» Data excerpts:

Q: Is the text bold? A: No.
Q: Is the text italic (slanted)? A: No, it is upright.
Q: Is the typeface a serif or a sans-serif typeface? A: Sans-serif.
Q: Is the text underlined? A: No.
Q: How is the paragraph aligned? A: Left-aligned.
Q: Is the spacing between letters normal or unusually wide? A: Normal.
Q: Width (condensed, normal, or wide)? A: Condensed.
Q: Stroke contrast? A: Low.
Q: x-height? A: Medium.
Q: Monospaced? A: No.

---

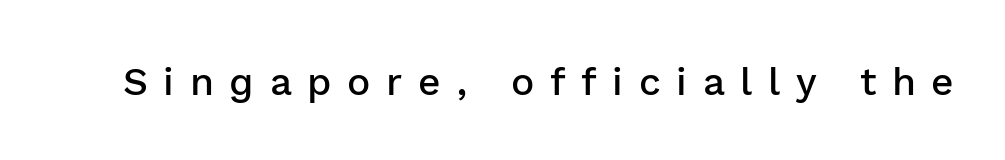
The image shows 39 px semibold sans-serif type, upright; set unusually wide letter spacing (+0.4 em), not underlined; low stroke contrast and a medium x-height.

» About this exercise: Return only the lines between the one holding "Q: Is the typeface" and the one holding "Q: Monospaced? A: No.", inclusive, exactly as they appear above.

» Task answer:
Q: Is the typeface a serif or a sans-serif typeface? A: Sans-serif.
Q: Is the text underlined? A: No.
Q: How is the paragraph aligned? A: Left-aligned.
Q: Is the spacing between letters normal or unusually wide? A: Normal.
Q: Width (condensed, normal, or wide)? A: Condensed.
Q: Stroke contrast? A: Low.
Q: x-height? A: Medium.
Q: Monospaced? A: No.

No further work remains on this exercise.